I am not one of the moms that is going to say I want diversity in my children’s lives but then have my actions prove otherwise.
I send both of my school-age boys to schools with a multitude of students of different nationalities with the hopes that they never feel privileged and that they interact with the other students seeing just people and not race.
It’s just not enough, to me.
I know that in school they will learn about all types of interactions and behaviors, but what truly matters is MY behavior as their mother, as their white mother, as their parent.
They learn daily behaviors through me, I can’t just send them to a multi-national school and hope for the best. They hear my conversations over the phone, they see the books I have on my bookshelf, they watch me watching the news, they see where I spend my leisure time, what neighborhood we live in, they see how I respond to racist remarks from my older family members “who were just raised that way,” they see who I invite to the cookout.
Any questions they ask me matter and I understand that even now, they’re growing up a heck of a lot better than I did since we are now in a bigger city and not a small town in Louisiana that had segregated proms and homecomings the entire time I attended.
They see me, Miss Wanda. They’re going to follow suit.
I promise to show this video to them whenever they’re old enough, because goodness, the heart wrenching violence triggered so many emotions for me as a mother thinking of you every moment I watched what happened to your precious son.
I promise to discuss how absolutely evil it was that he lost his life unnecessarily because of a false sense of entitlement that people of our race hold.
I promise to talk about your search for equity and how you never gave up in the hopes that Ahmaud’s killers would rightfully face the consequences of their actions-because as a mother, had I been in your situation, I could only hope to be just like you.
I promise to show them that what those men did is not debatable, just as it wouldn’t have been questionable at all to certain people in our nation, in my state, if it had been a white man jogging and black men taking his life. A life that was taken from you, too.
I promise to teach them never to take part in unequal conversations, that inhumanity is never righteous for a certain race or social status. I promise to leave these conversations, myself.

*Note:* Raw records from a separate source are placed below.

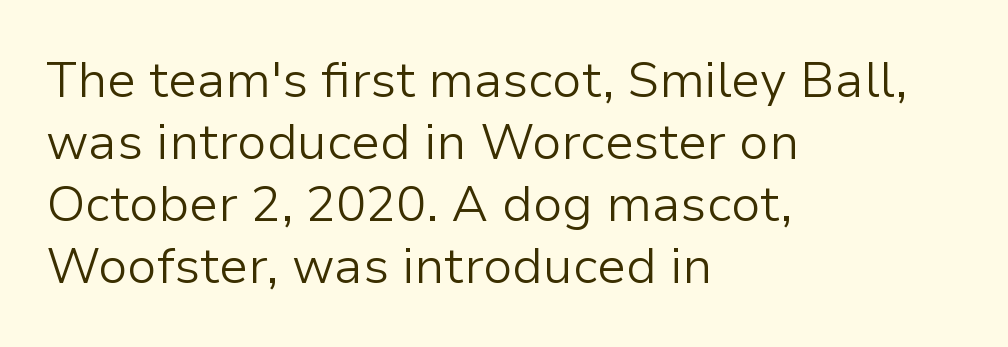
The strokes carry an ordinary text weight at most. Nobody touched the tracking dial on this one. Notice how the passage keeps a crisp vertical edge on the left only. The characters display no serif detailing; their extremities are plain. Check under the words: just untouched page.
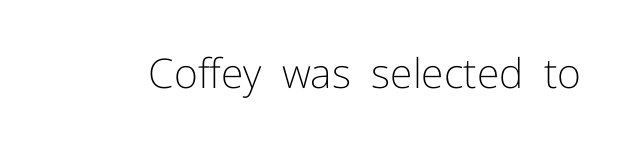
I'd call this a sans setting — the letters go barefoot. The zone under the glyphs is completely vacant. No chunkiness to these letters — they're not bold. The rendering uses natural spacing where letterforms have individual widths. You can tell it's not italic because the verticals are truly vertical. Tracking value appears to be zero — textbook default spacing.
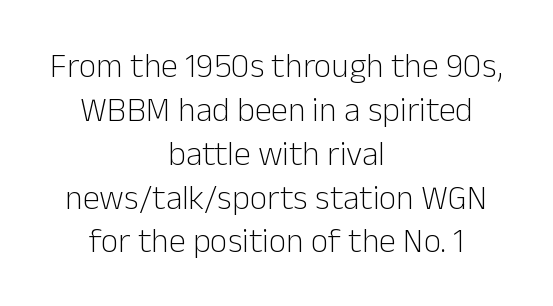
The image shows 34 px light sans-serif type, upright; set centered, normal line spacing (1.29x), normal letter spacing, not underlined; low stroke contrast and a medium x-height.
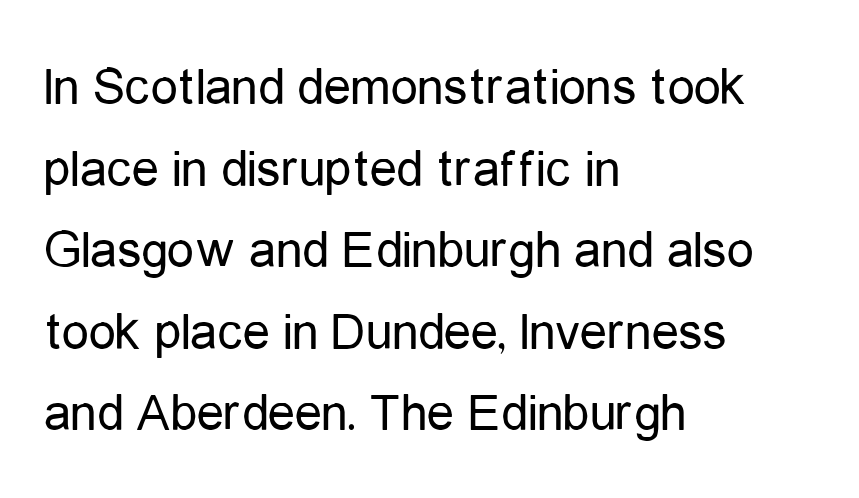
Q: Is the text bold? A: No.
Q: Is the text italic (slanted)? A: No, it is upright.
Q: Is the typeface a serif or a sans-serif typeface? A: Sans-serif.
Q: Is the text underlined? A: No.
Q: How is the paragraph aligned? A: Left-aligned.
Q: Is the spacing between letters normal or unusually wide? A: Normal.
Q: Is the spacing between lines tight, normal or loose? A: Normal.
Q: Width (condensed, normal, or wide)? A: Condensed.
Q: Stroke contrast? A: Low.
Q: x-height? A: Medium.
Q: Monospaced? A: No.
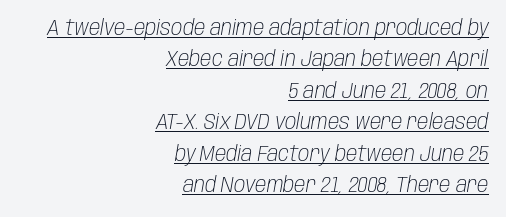
The image shows 21 px text type, italic (leaning right); set right-aligned, normal line spacing (1.5x), normal letter spacing, underlined.
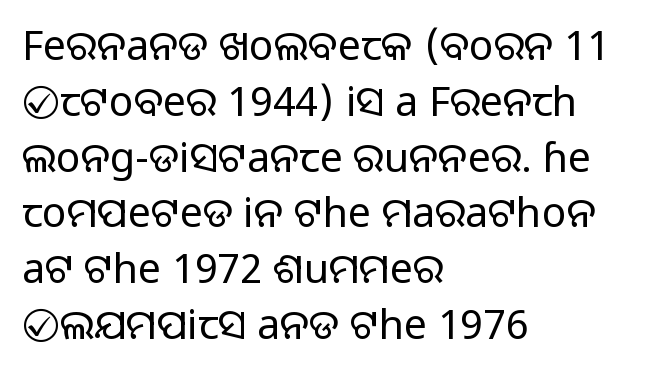
{"serif": "no", "italic": "no", "bold": "no", "weight": "light", "width": "normal", "stroke_contrast": "low", "x_height": "medium", "monospaced": "no", "underline": "no", "align": "left", "line_spacing": "normal", "line_spacing_ratio": 1.36, "letter_spacing": "normal", "letter_spacing_em": 0.0, "glyph_px": 41}
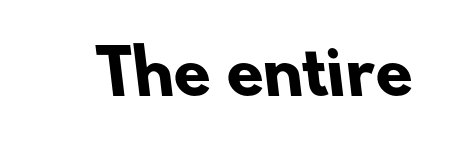
{"serif": "no", "bold": "yes", "weight": "heavy", "width": "normal", "stroke_contrast": "low", "x_height": "small", "monospaced": "no", "underline": "no", "letter_spacing": "normal", "letter_spacing_em": 0.0, "glyph_px": 60}
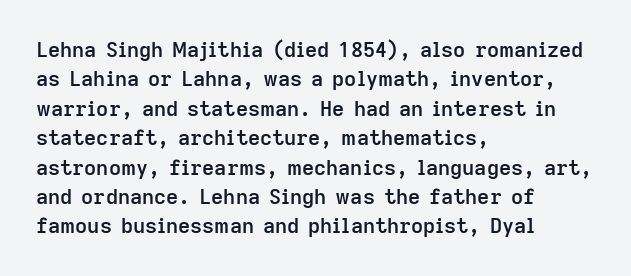
The image shows 21 px text type, upright; set left-aligned, normal line spacing (1.4x), normal letter spacing, not underlined.
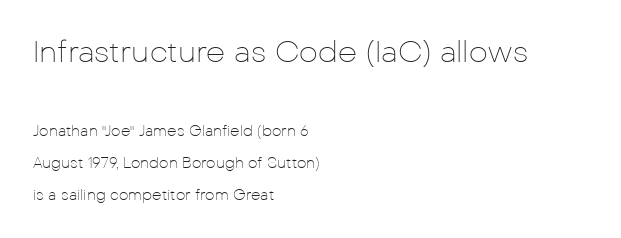
Designer's note — italics off, roman on. Bigger letters appear in the top chunk; the bottom chunk is reduced. Nothing heavy about these letters — not bold at all. Note the varied advance widths — an 'i' is clearly narrower than an 'm'.
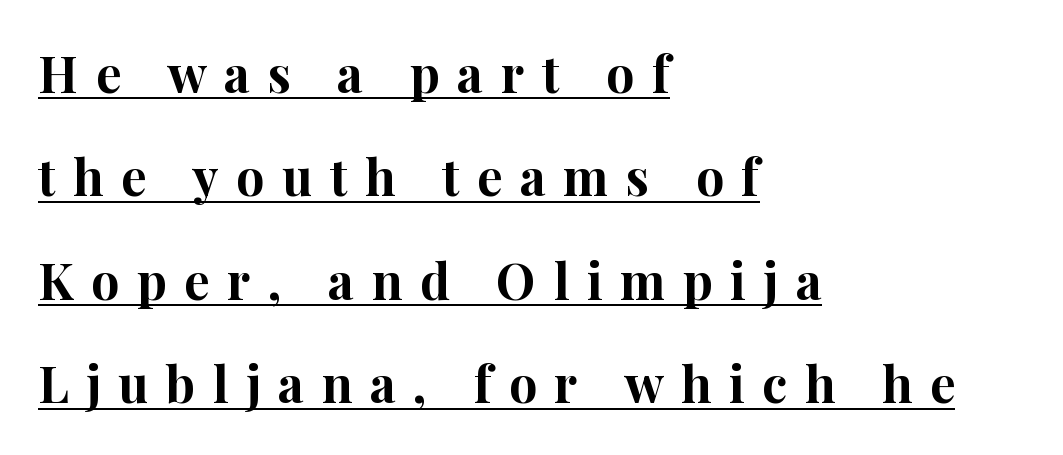
Serif or sans? Serif — the stroke terminals have little feet. Upright lettering throughout. Is there much room between lines? Yes — plenty of vertical air separates them. In terms of weight, the rendering is a true, heavy bold.
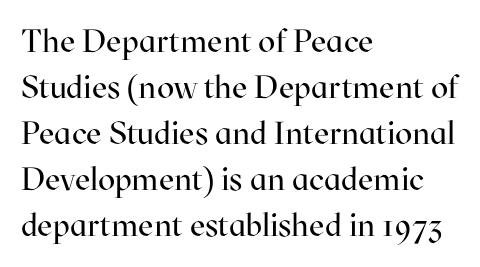
{"serif": "yes", "italic": "no", "bold": "no", "weight": "regular", "width": "normal", "stroke_contrast": "high", "x_height": "medium", "monospaced": "no", "underline": "no", "align": "left", "line_spacing": "normal", "line_spacing_ratio": 1.44, "letter_spacing": "normal", "letter_spacing_em": 0.0, "glyph_px": 32}

I hope this letter reaches you one day, Miss Wanda, and I hope you know how much you have encouraged me in the last few days to be better and to do better.
From one Boy Mom to another, our jobs are never easy but no matter how hard it gets or what we feel, we always show up for our children. Our job is to protect and love them with everything we have and that love stretches beyond time and space, I am certain Ahmaud knows how you are still showing up for him, being his mother, even now that he is gone.
My maternal instincts tell me that he is still proud of you and I hope you know us mamas see you and we’re proud of you, too.